Subsequent to the signing of the agreement the plaintiff told the defendant he could have the Watertown Cooperative Bank place a mortgage on the property for $7500, and that he would do so. Defendant testified that she and O’Clair relied on the statement. The written agreement contained no mention of a $3000 cash payment, nor the obtaining of a mortgage.
August 17, Mr. O’Clair notified defendant that he had not been able to obtain a mortgage from the Water-town Cooperative Bank for $7500.00, and “that he had decided the $3,000 as mentioned in the agreement was about all he wanted to pay.” O’Clair subsequently asked for a return of the deposit which the defendant refunded without consulting the plaintiff.
The trial court found that O’Clair was not able to purchase on the defendant’s terms. He found that the defendant entered into a binding written contract to sell to O’Clair on the terms set forth. He ruled that the defendant therefore accepted O’Clair as a person ready, able and willing to buy the property on terms satisfactory to the defendant. He found for the plaintiff in the amount of $525.00. The crux of the case is the correctness of the trial judge’s ruling that the procuring of the execution of the agreement of purchase entitled the plaintiff to a commission.

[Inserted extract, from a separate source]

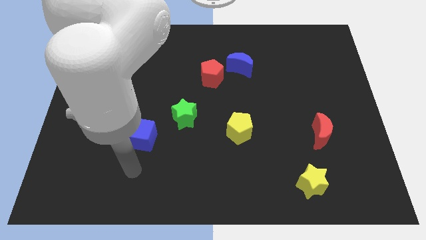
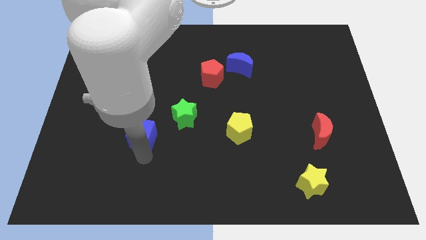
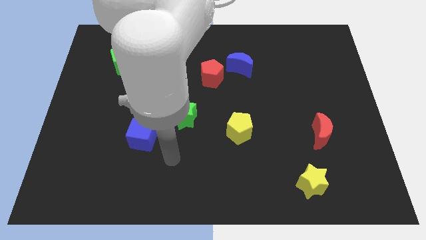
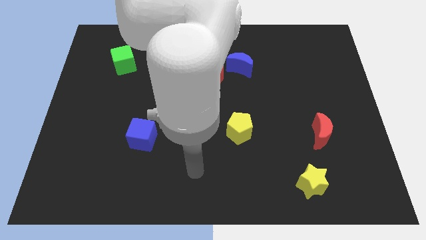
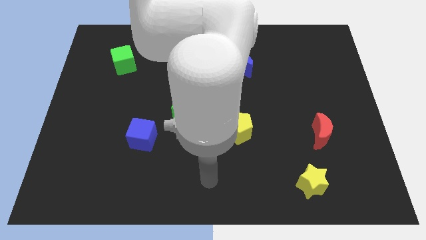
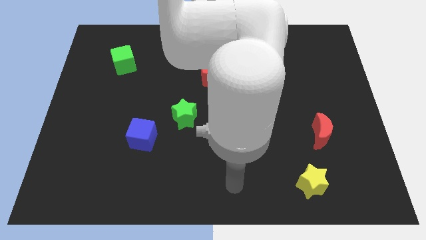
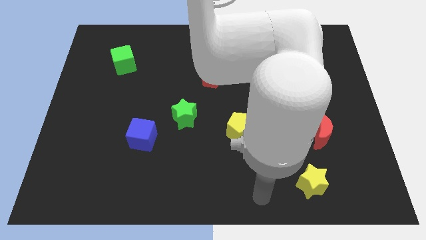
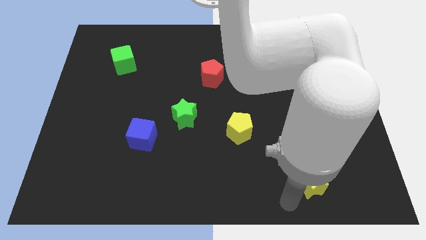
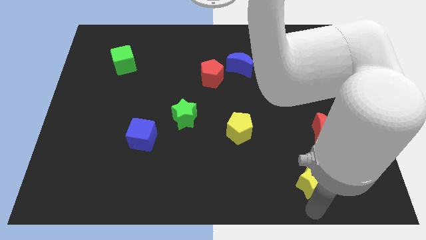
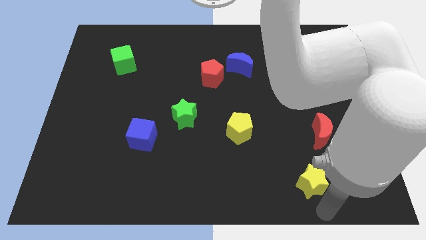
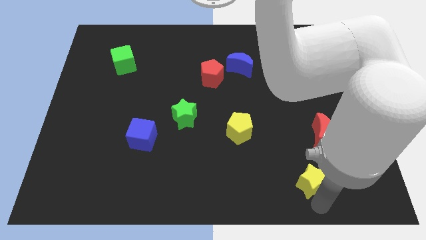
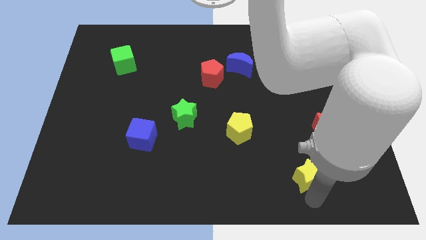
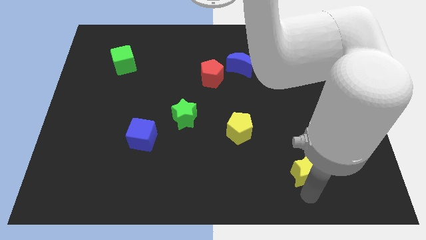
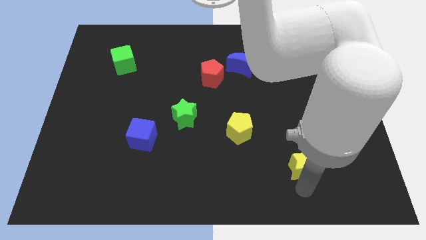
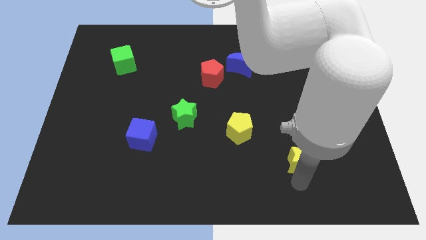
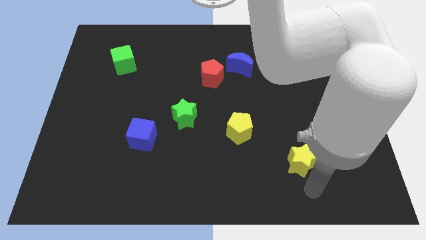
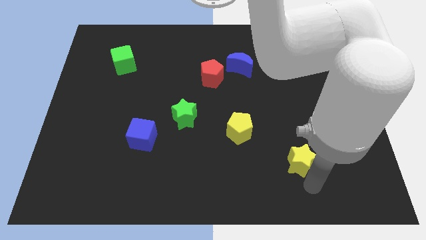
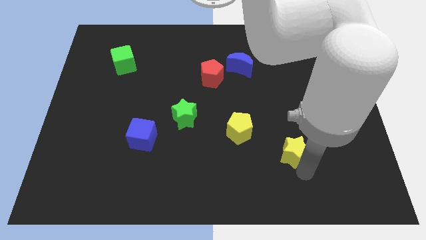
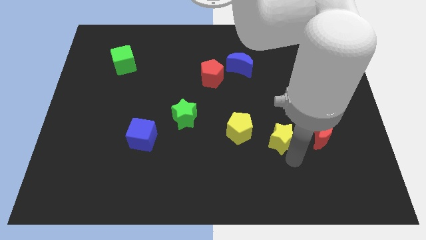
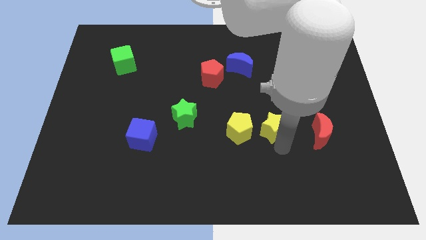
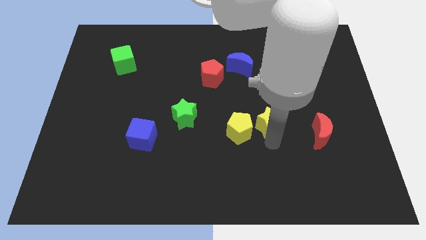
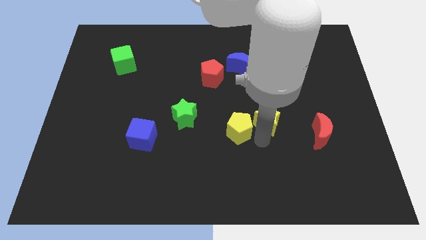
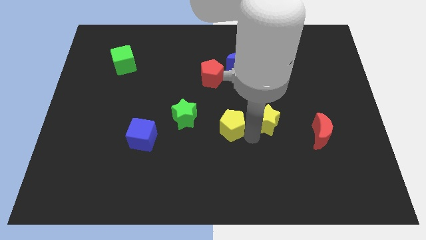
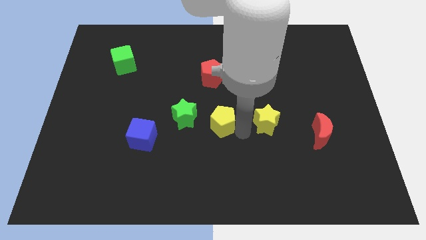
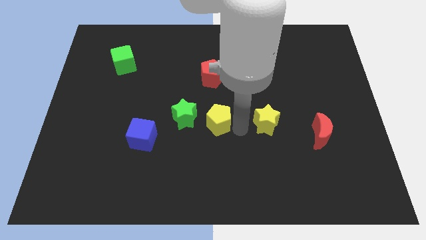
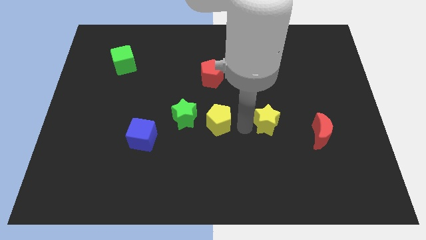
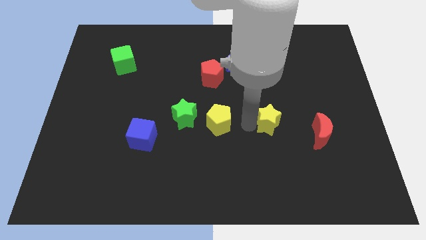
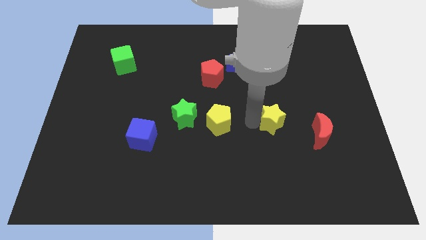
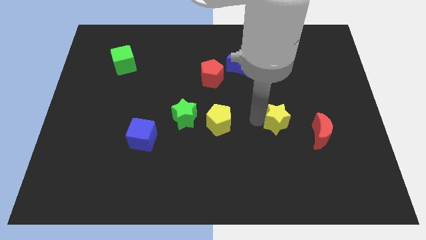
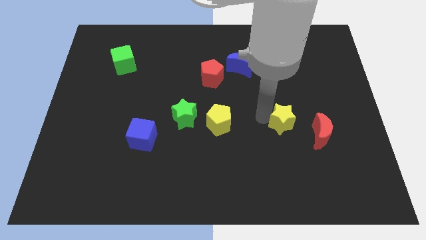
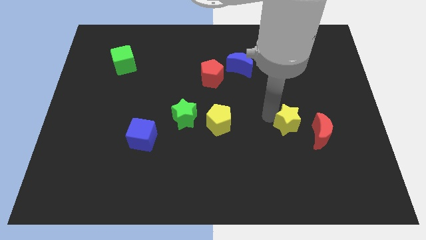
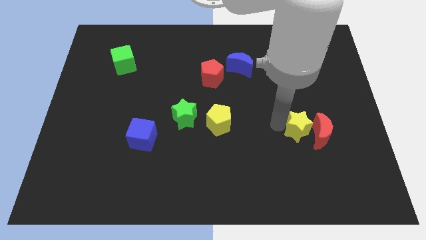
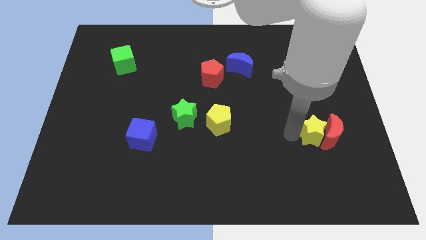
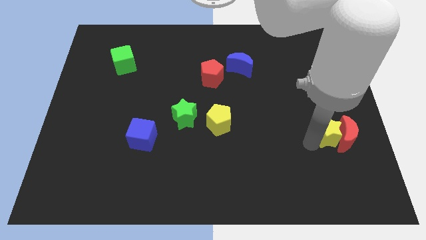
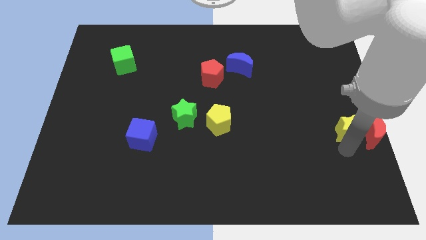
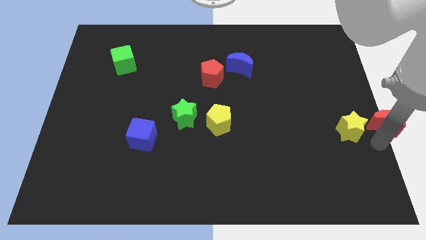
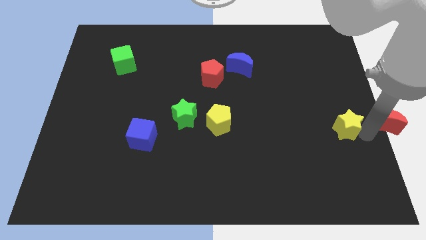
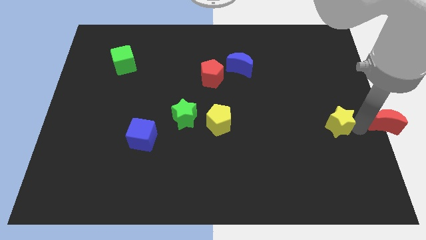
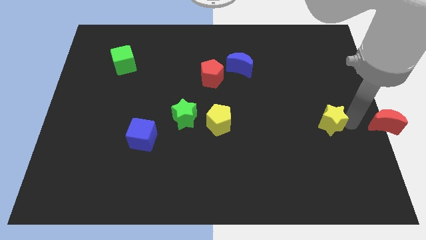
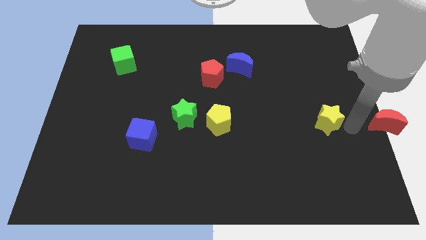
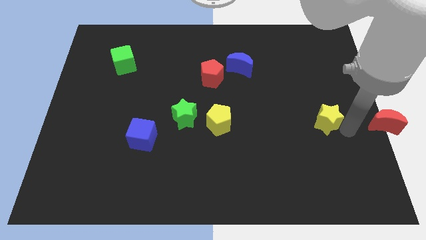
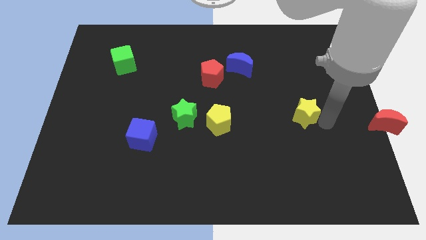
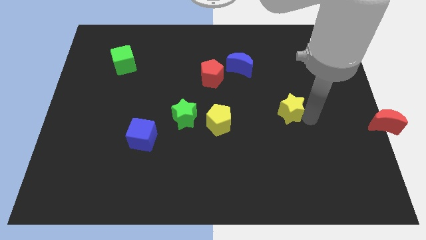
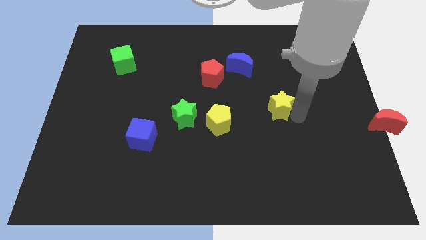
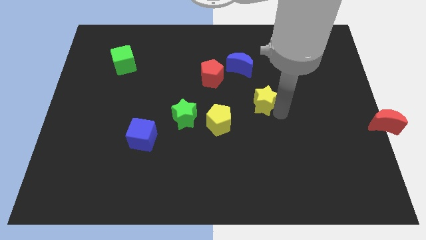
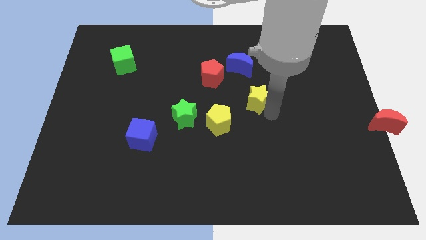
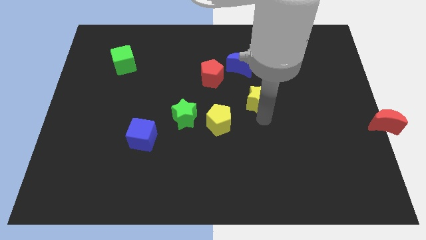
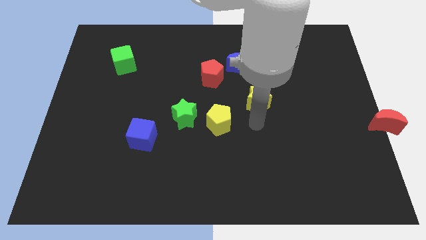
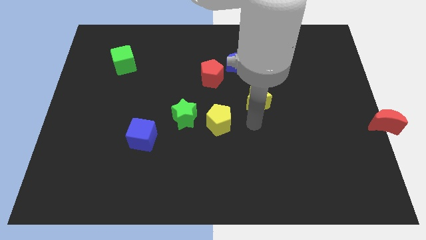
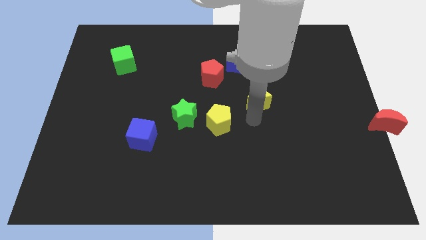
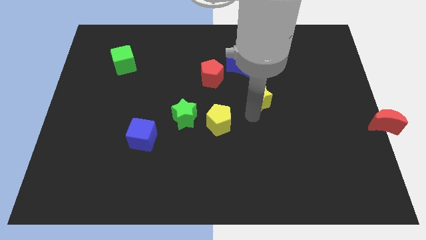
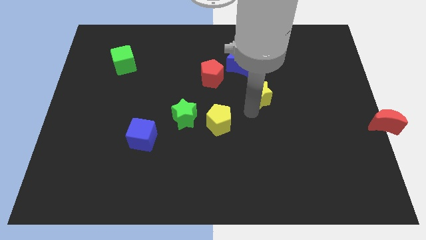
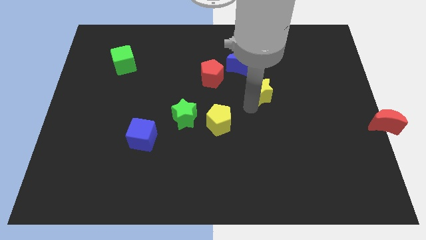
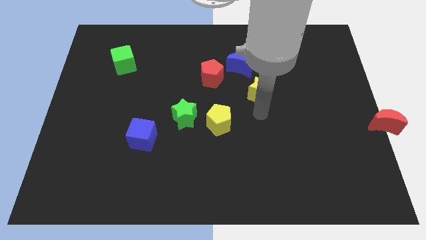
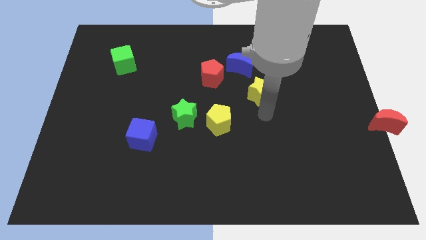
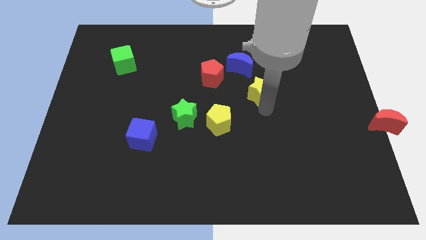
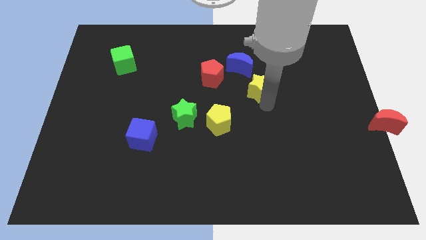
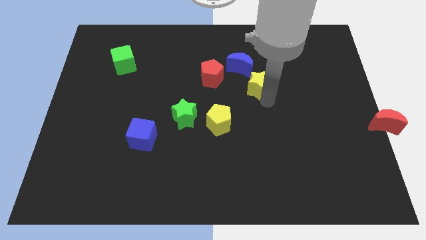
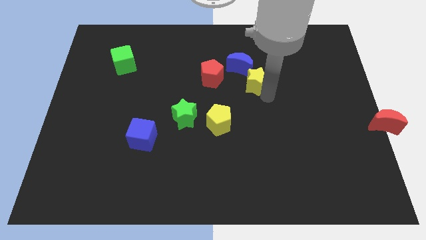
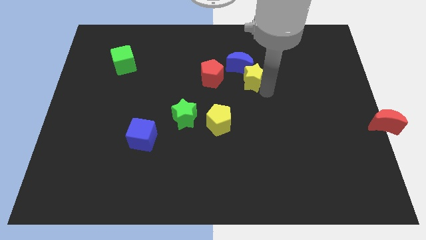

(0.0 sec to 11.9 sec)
put the yellow star close to the blue moon

The fundamental principle in brokerage cases is that where a broker is employed to produce a buyer, the customer whom he introduces to the seller must be ready, able and willing to buy on the terms offered by defendant. No written agreement is necessary. Dillon v. Barnard, 1951 A.S. 1083, 1088.
*47The seller can not by backing out of the agreement deprive the broker of his commission. Driscoll v. Bunar, 1952 A.S. 219, 220.

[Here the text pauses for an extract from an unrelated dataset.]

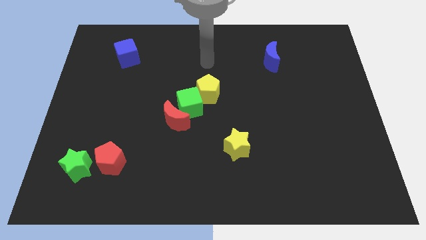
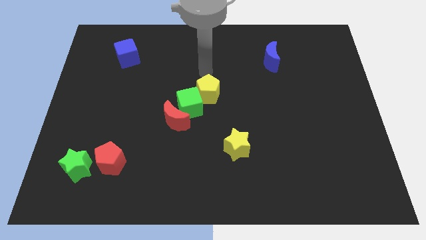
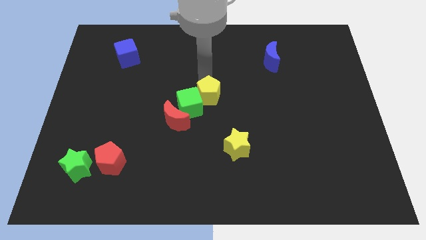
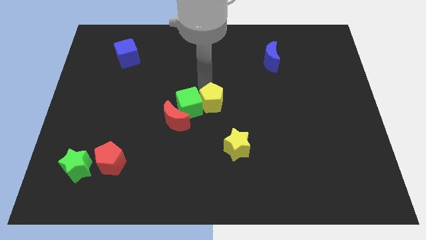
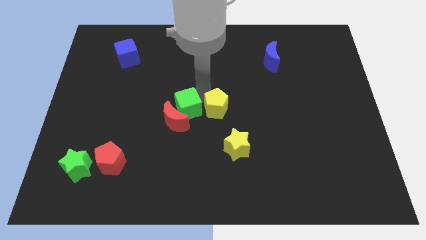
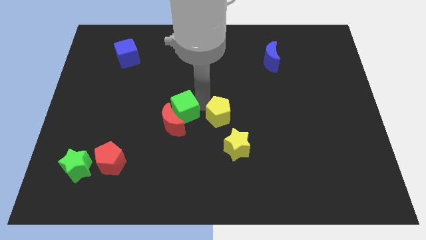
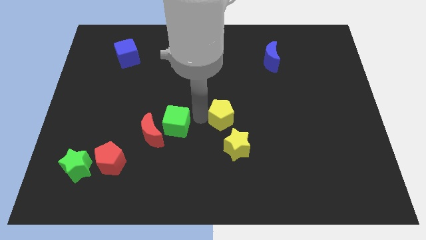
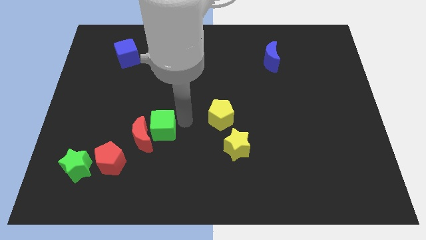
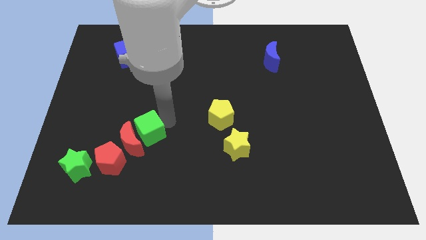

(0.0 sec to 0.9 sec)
slide the red moon close to the red pentagon

On the other hand, if the customer backs out, he is not regarded, as far as the broker’s right to a commission is concerned, as ready, able and willing to purchase unless he has signed an unqualified agreement to purchase on the terms offered by the seller. The legal distinction, as affecting the broker, between cases where agreements have and have not been entered into is well stated in Roche v. Smith, 176 Mass. 595, 597:
“Where the broker is employed to get a customer to buy and pay for his principal’s land, and it turns out that the customer is not able to pay for the land, it is settled that his inability to do so does not deprive the broker of his commission, provided the principal made a valid and binding agreement for the sale of the land with the customer produced by the broker. Ward v. Cobb, 148 Mass. 518. Burnham v. Upton, 174 Mass. 408, 409. The ground on which this is settled is that by entering into a valid contract with the customer produced by the broker the principal accepts the customer as able, ready and willing to buy the land and pay for it. In such a case the decision would have to be the other way were it not that, by entering into the contract with him the principal accepts the customer produced by the broker; what the broker is employed to do is to produce a customer who will buy and pay for his principal’s land. Fitzpatrick v. Gilson, ante, 477. If it turns out that the customer produced by the broker is not able to pay and does not pay for the land, the broker has not performed his duty and has not earned his commission; and it is only because the principal accepts the customer by entering into a valid contract wüth him, that it is held in cases like Ward v. Cobb that the broker has earned his commission. Coleman v. Meade, 13 Bush, 358. Donohue v. Flanagan, 9 N.Y. Supp. 275. Francis v. Baker, 45 Minn. 83. Wray v. Carpenter, 16 Col. 271. Lockwood v. Halsey, 41 Kans. 166. Springer v. Orr, 82 Ill. App. 558.”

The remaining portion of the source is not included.